:: Data supplied ::

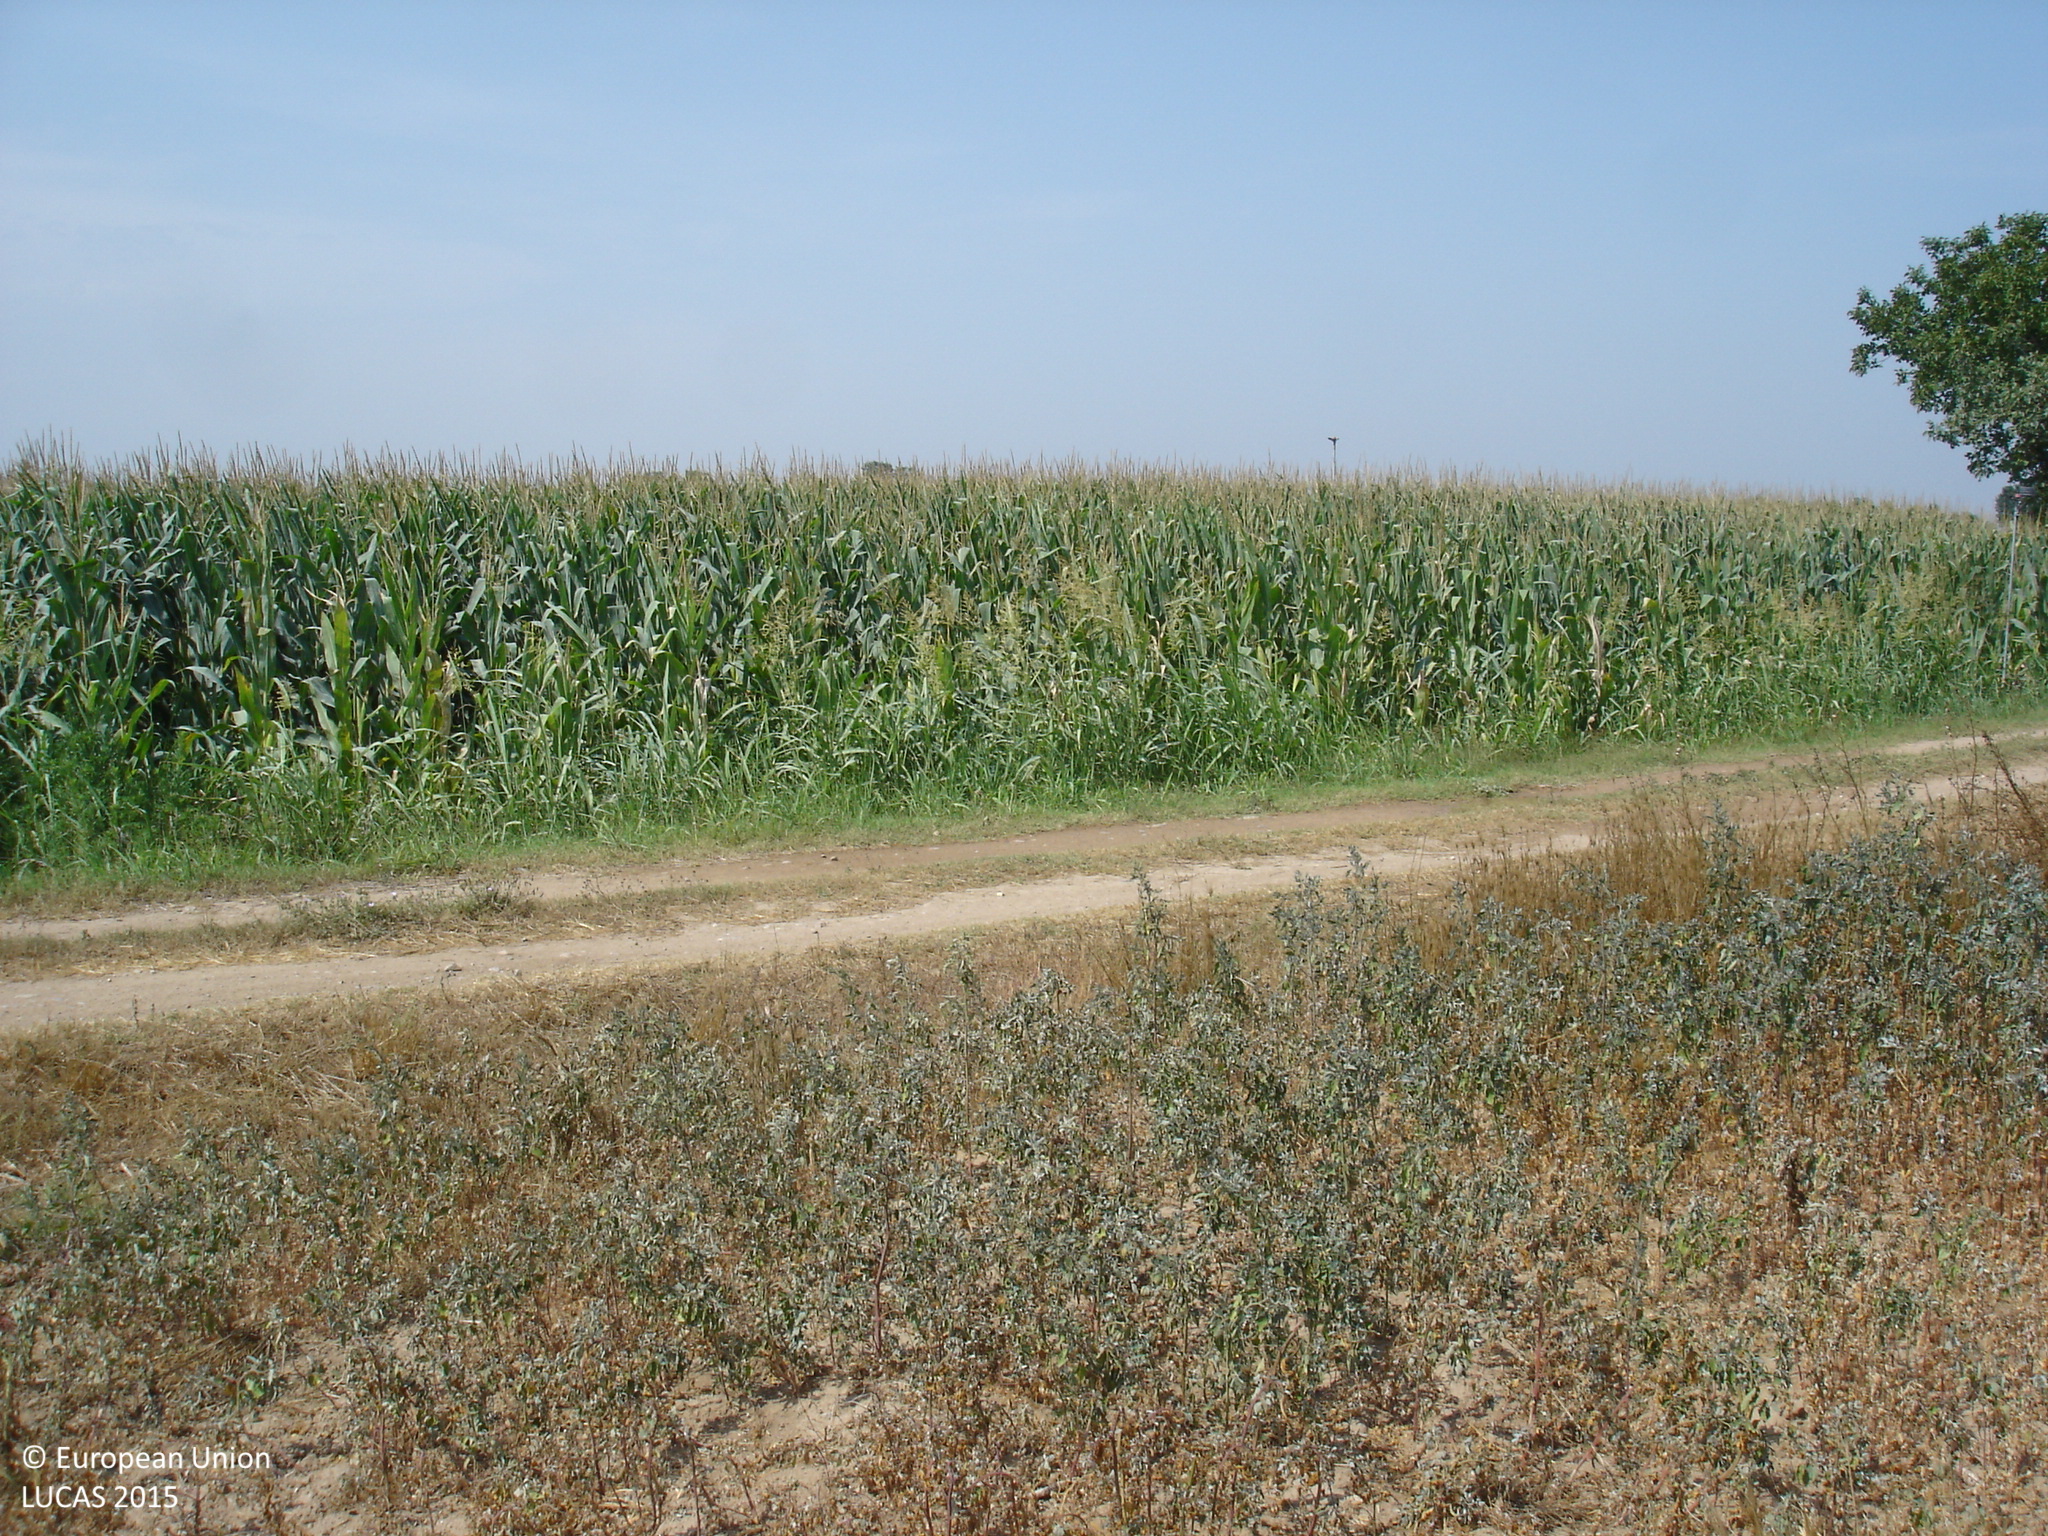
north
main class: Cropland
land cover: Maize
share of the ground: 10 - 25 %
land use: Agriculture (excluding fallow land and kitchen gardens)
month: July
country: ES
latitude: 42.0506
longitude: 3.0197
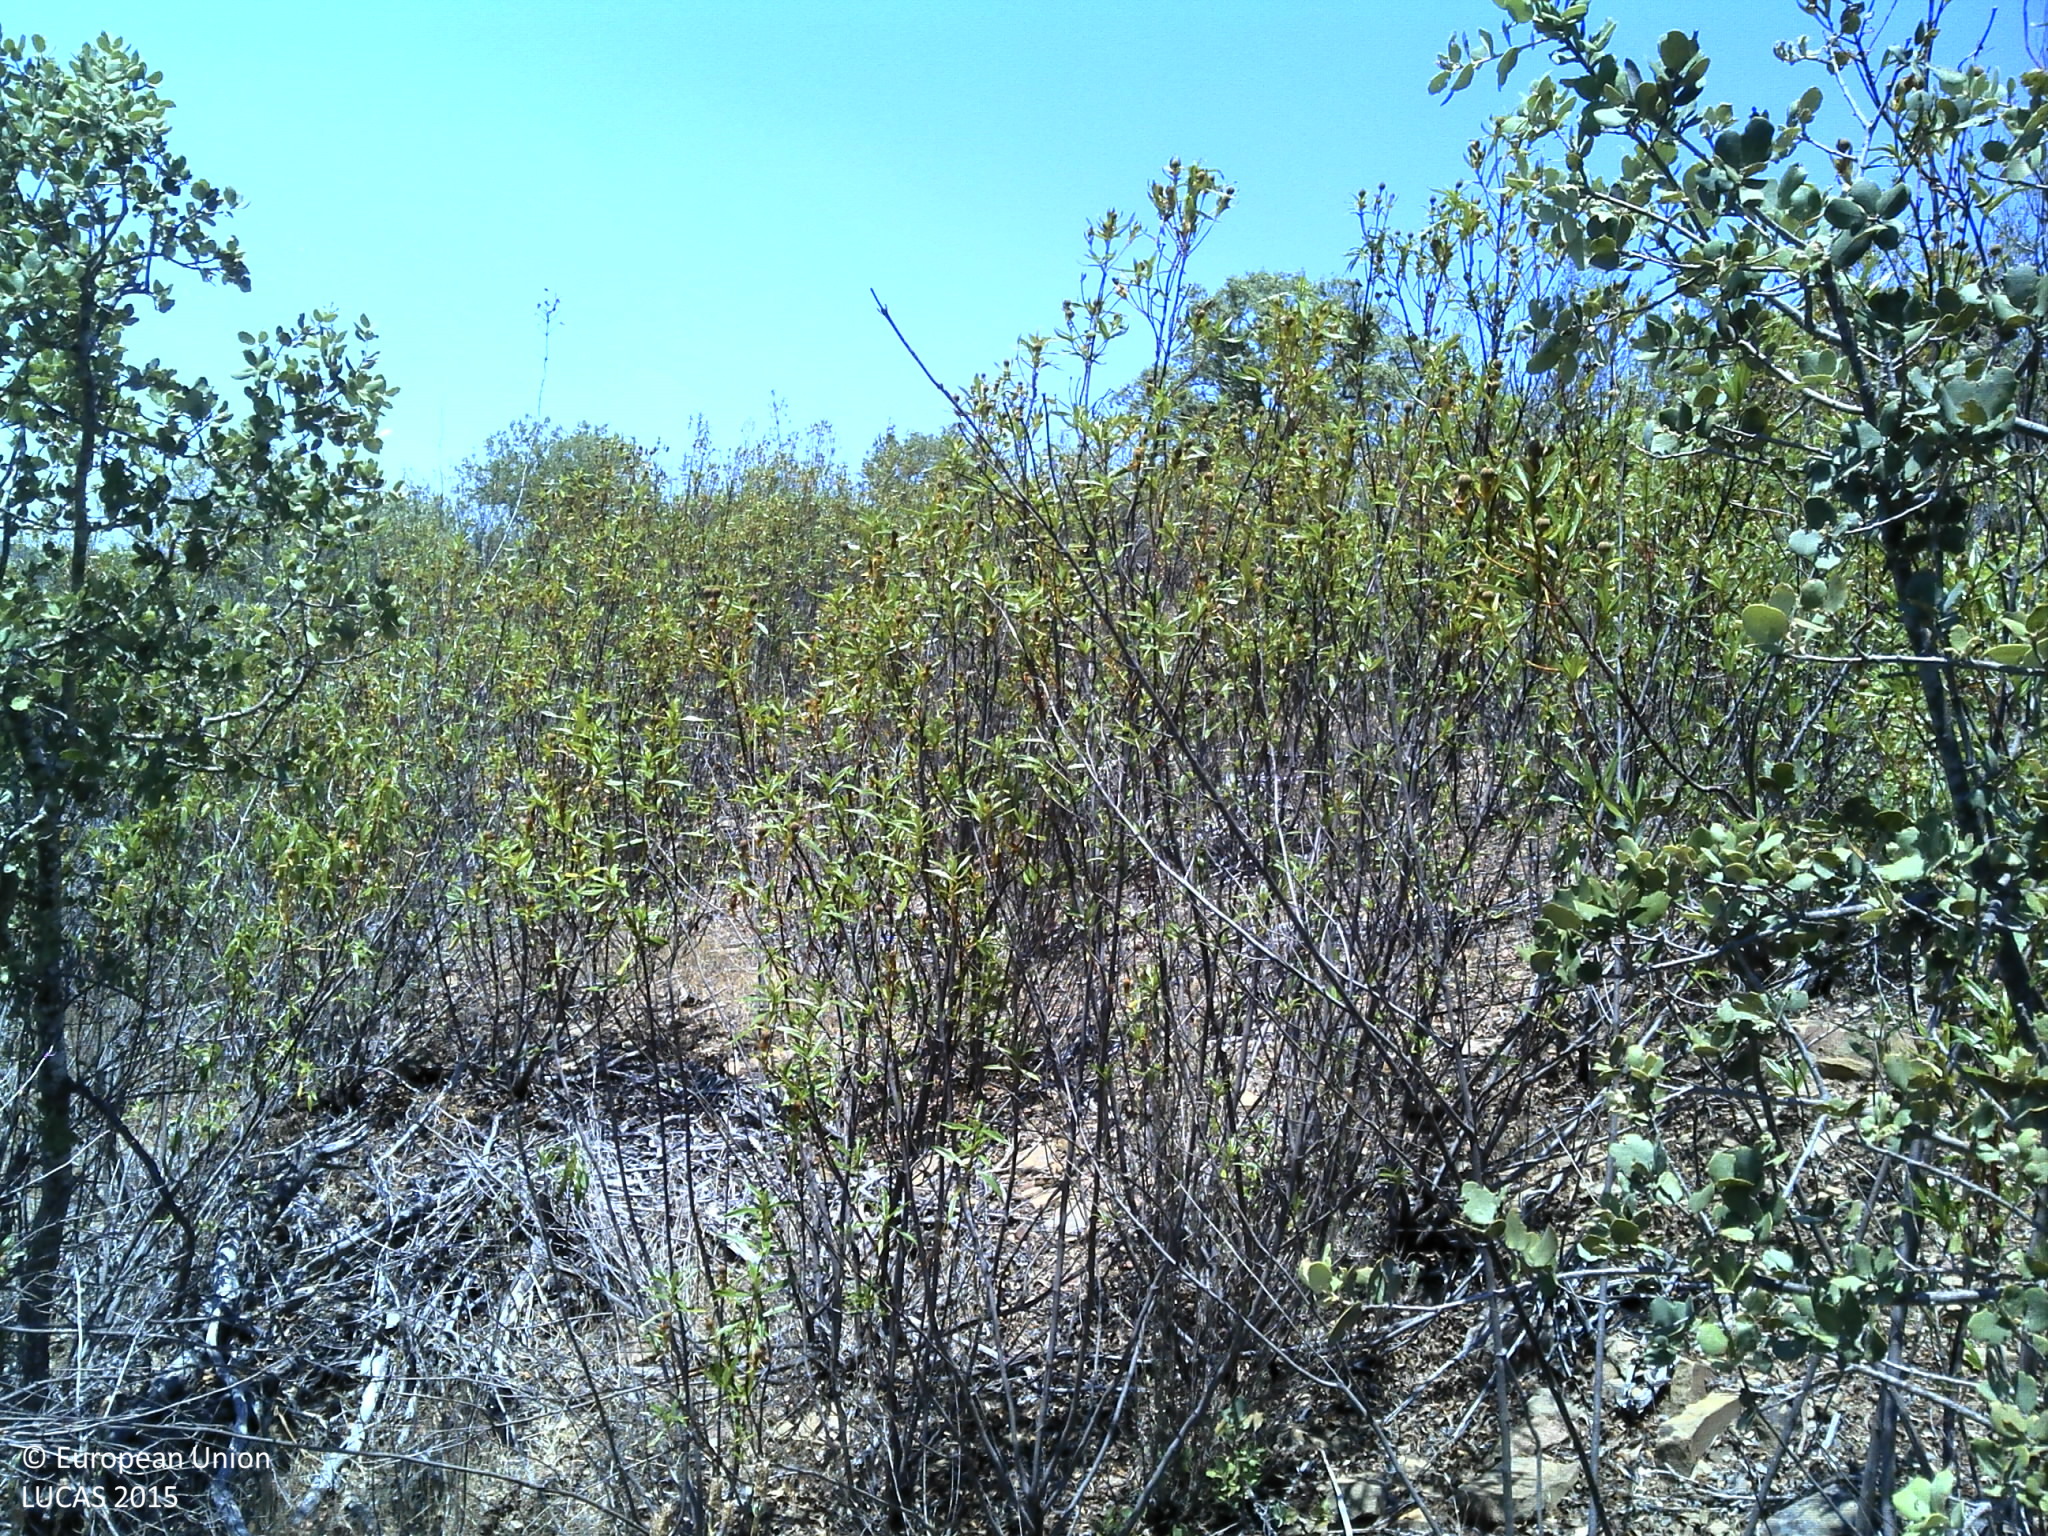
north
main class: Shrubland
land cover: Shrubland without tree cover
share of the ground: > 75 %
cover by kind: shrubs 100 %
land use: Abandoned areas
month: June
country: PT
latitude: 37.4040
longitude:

:::

What to work on: Would you repeat the listing word for word and skip every picture?

Your response:
north
main class: Cropland
land cover: Maize
share of the ground: 10 - 25 %
land use: Agriculture (excluding fallow land and kitchen gardens)
month: July
country: ES
latitude: 42.0506
longitude: 3.0197
north
main class: Shrubland
land cover: Shrubland without tree cover
share of the ground: > 75 %
cover by kind: shrubs 100 %
land use: Abandoned areas
month: June
country: PT
latitude: 37.4040
longitude:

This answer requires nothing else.